Does it make sense for several groups to build separate platforms? Wouldn’t it be better to agree on a universal data sharing standard first and then develop one definitive global platform?

Getting widespread agreement on standards may be ideal, but is notoriously hard to achieve. It is very unlikely that they would be imposed on all of the hundreds of thousands of trials already conducted. We can start linking, matching, and building, right now, and there is no sense in further delay.
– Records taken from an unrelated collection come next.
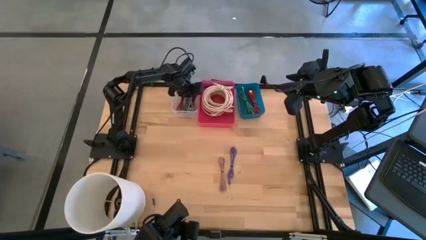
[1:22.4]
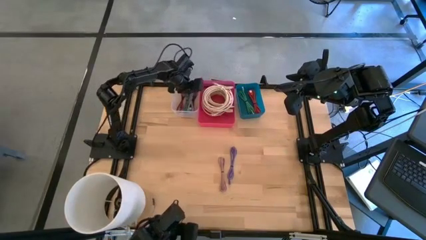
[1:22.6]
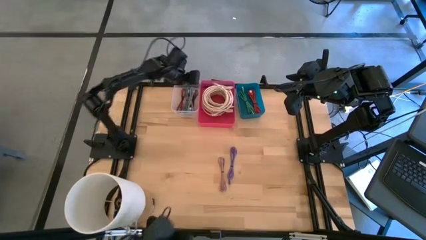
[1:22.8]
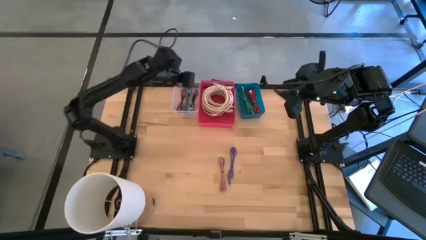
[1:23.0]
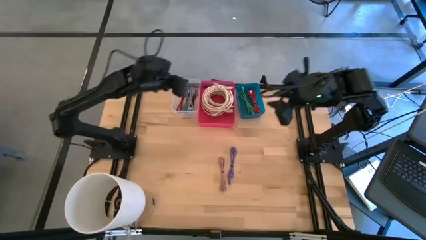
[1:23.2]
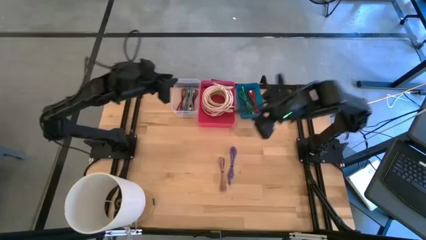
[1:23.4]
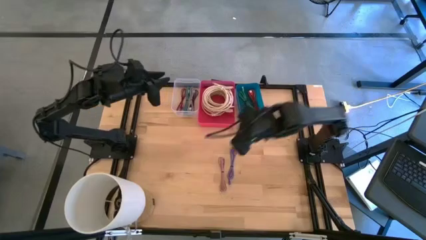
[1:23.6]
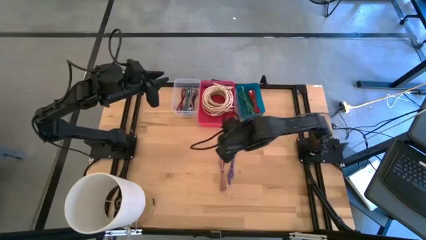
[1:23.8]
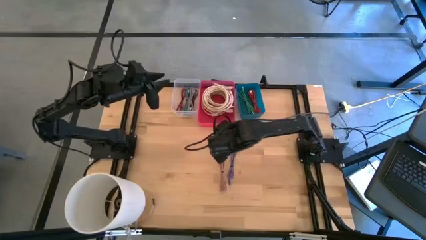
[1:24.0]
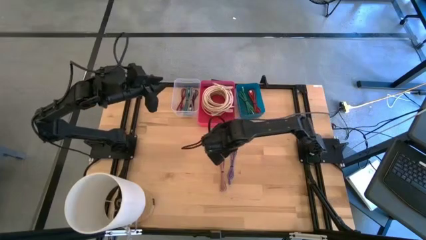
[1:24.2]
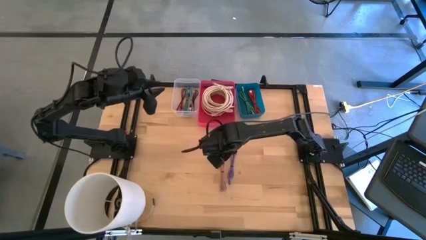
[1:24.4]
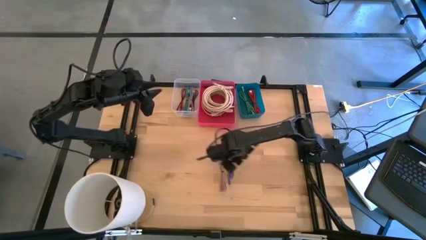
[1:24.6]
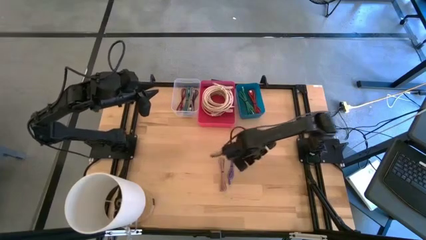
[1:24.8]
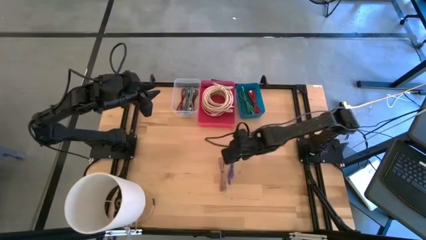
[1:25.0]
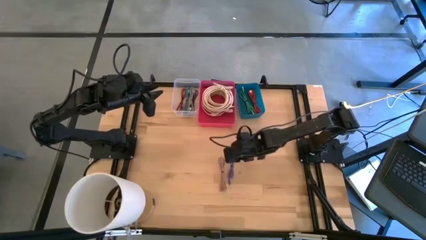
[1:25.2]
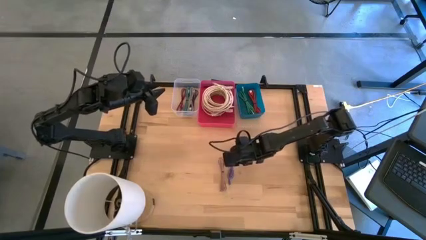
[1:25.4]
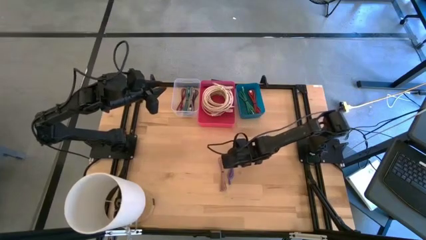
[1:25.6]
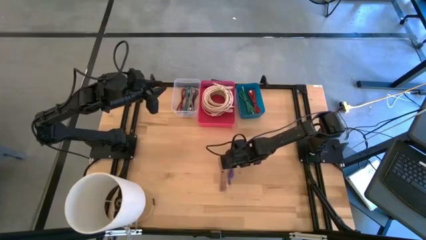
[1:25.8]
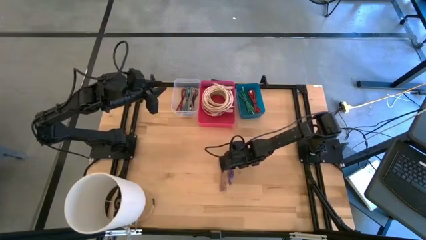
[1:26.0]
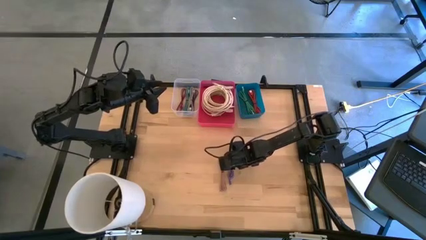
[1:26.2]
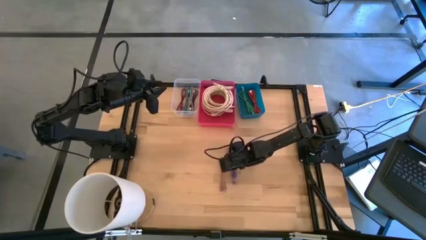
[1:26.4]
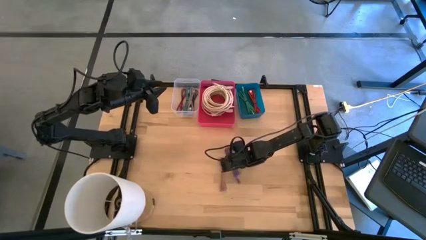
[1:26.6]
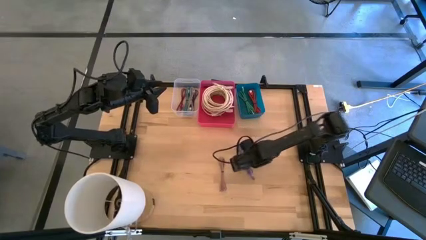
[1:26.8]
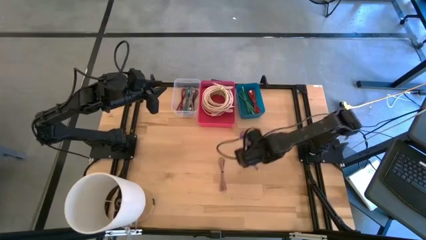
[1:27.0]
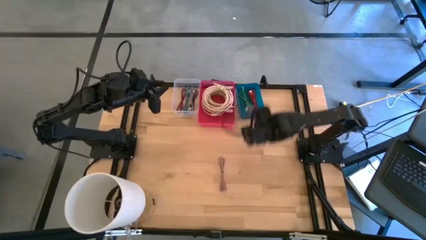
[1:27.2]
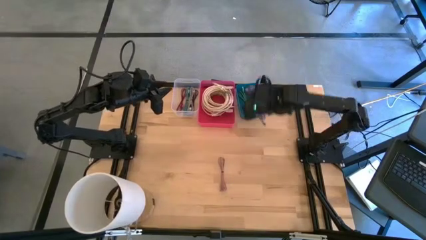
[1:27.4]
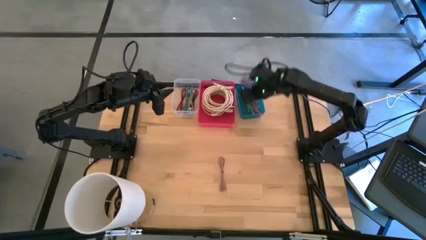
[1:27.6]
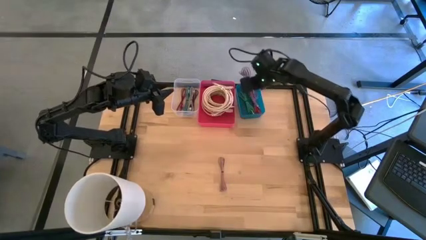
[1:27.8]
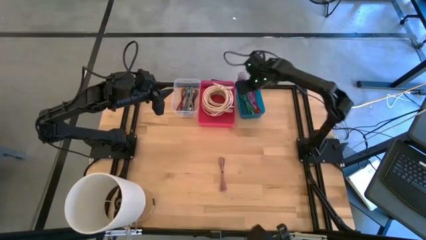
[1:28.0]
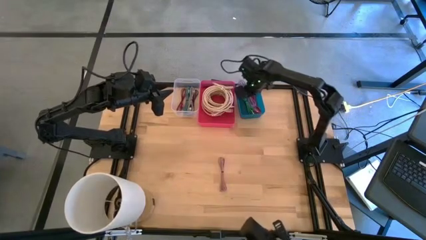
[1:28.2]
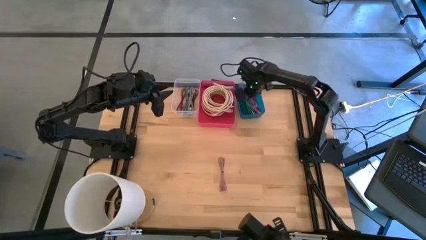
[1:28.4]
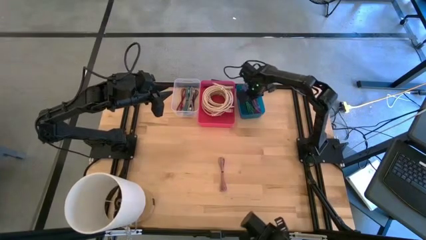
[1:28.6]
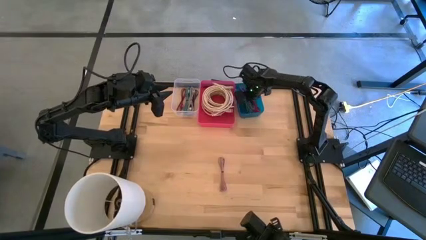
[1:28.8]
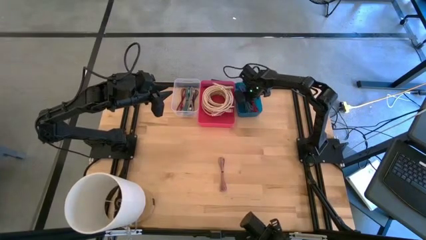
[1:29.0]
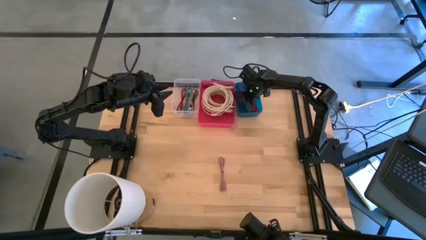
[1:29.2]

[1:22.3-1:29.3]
Task: Pick & Place USB Port
Put the purple charger cable into the blue bin

We would rather take the initiative and build a functional platform supported by the community. We’ve spoken to a number of groups in related fields and we are always keen to discuss shared interests and ways of collaborating in order to not reinvent the wheel!

Which is your favourite clinical trials registry, and why? is a leading registry both technically and in terms of the number of trials it contains. Their data is well-structured and well accessible. Currently there are quite a few registries with poor support for data collection, so this stands out amongst them.

What can existing clinical trials registries do to make their data more accessible and useful for researchers?

Registries could provide API access to their data, along with making sure that the trial metadata is well-structured and follows recommended standards (e.g. the WHO Trial Registration Data Set). Ideally, the metadata would follow known standards, for example using ISO codes for countries instead of their names and using a database such as MeSH to define terms like conditions names. This would make the different registries’ databases comparable. While API access is very useful, the best way a registry can offer its entire database is as a regular download, similar to what the FDA does with its OpenFDA website. This makes it much simpler for researchers who need a local copy of the database.

What can other players do to make their data more accessible and useful for researchers?

Beyond adopting standards and guidelines, we’d encourage a range of players to embrace being open by default. We’re keen to talk to any organisations or companies who want to make their data more accessible via OpenTrials.

Beyond OpenTrials, ten years from now, what information do you expect researchers to be able to access? And what information do you think will remain elusive?

There is a clear need for a step change. We need structured data about all trials, describing the methods and results, instead of only free text reports. That’s the big horizon. Basic knowledge management has been sorely lacking on clinical trials, and that makes no sense. We spend millions on individual trials. We need to spend a little on making sure the information is discoverable, machine readable, and impactful.

This interview was conducted via email by AllTrials campaign manager Dr Till Bruckner.